▽
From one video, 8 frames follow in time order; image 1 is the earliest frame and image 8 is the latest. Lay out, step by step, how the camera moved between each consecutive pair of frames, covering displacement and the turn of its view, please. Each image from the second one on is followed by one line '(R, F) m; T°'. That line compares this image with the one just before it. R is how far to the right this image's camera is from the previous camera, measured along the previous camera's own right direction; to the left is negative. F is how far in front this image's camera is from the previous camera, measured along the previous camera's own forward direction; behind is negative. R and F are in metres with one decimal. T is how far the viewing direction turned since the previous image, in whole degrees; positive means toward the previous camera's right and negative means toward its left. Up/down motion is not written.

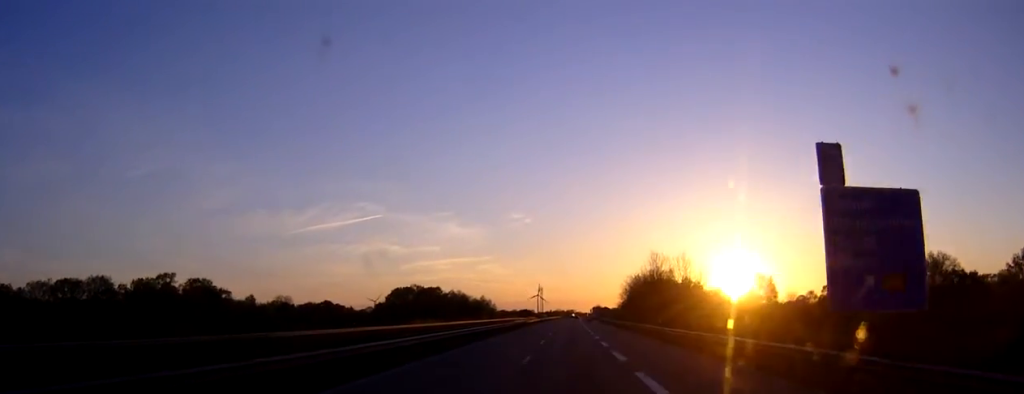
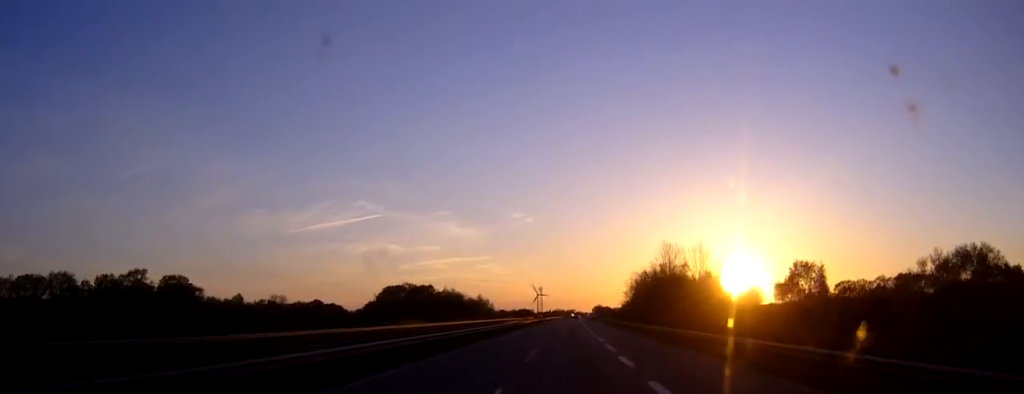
(0.0, +14.6) m; 0°
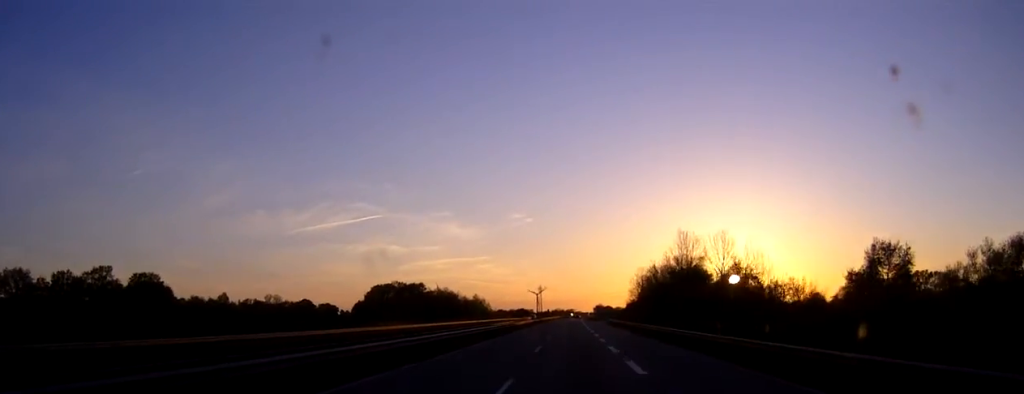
(0.0, +15.5) m; 0°
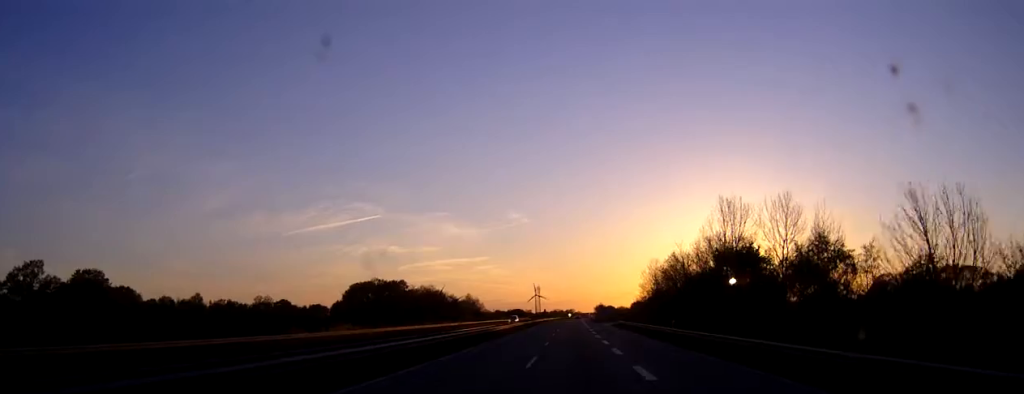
(+0.1, +25.5) m; 0°
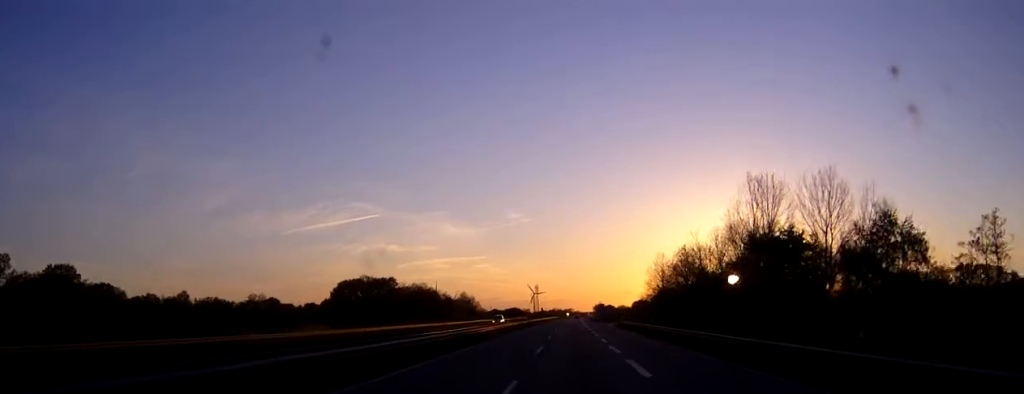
(0.0, +10.9) m; 0°
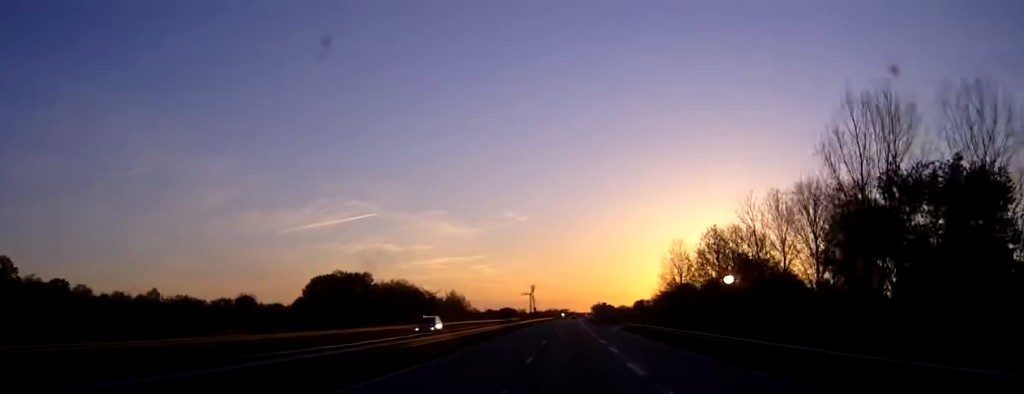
(0.0, +21.9) m; 0°
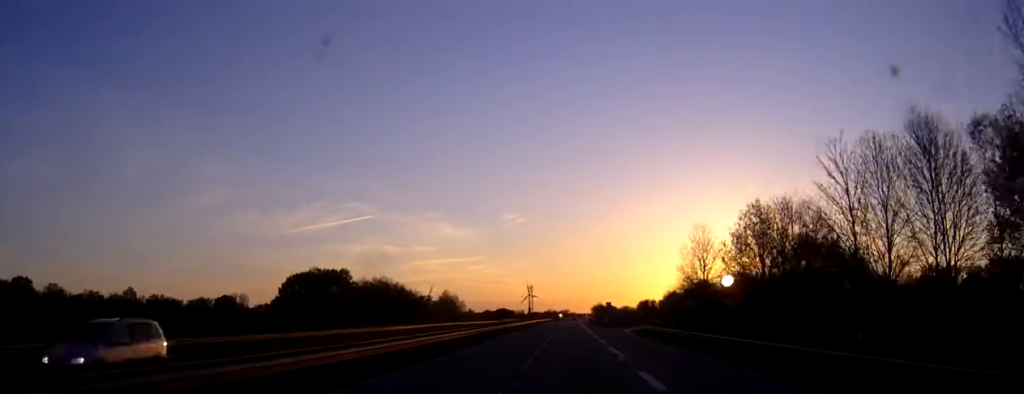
(0.0, +17.3) m; 0°
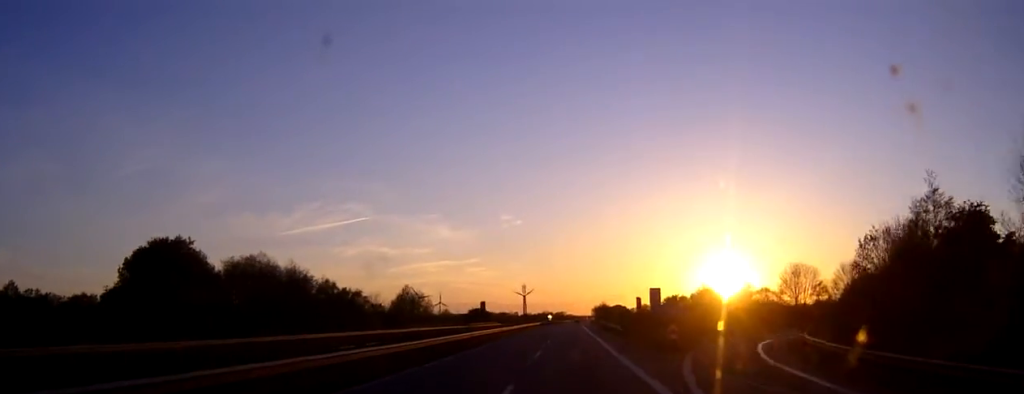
(+0.2, +69.3) m; 0°
△
§ **WHAT IS REQUIRED**
Leave the pictures out, then print every entry exactly as it reads.

§ **RESULT**
From one video, 8 frames follow in time order; image 1 is the earliest frame and image 8 is the latest. Lay out, step by step, how the camera moved between each consecutive pair of frames, covering displacement and the turn of its view, please. Each image from the second one on is followed by one line '(R, F) m; T°'. That line compares this image with the one just before it. R is how far to the right this image's camera is from the previous camera, measured along the previous camera's own right direction; to the left is negative. F is how far in front this image's camera is from the previous camera, measured along the previous camera's own forward direction; behind is negative. R and F are in metres with one decimal. T is how far the viewing direction turned since the previous image, in whole degrees; positive means toward the previous camera's right and negative means toward its left. Up/down motion is not written.

(0.0, +14.6) m; 0°
(0.0, +15.5) m; 0°
(+0.1, +25.5) m; 0°
(0.0, +10.9) m; 0°
(0.0, +21.9) m; 0°
(0.0, +17.3) m; 0°
(+0.2, +69.3) m; 0°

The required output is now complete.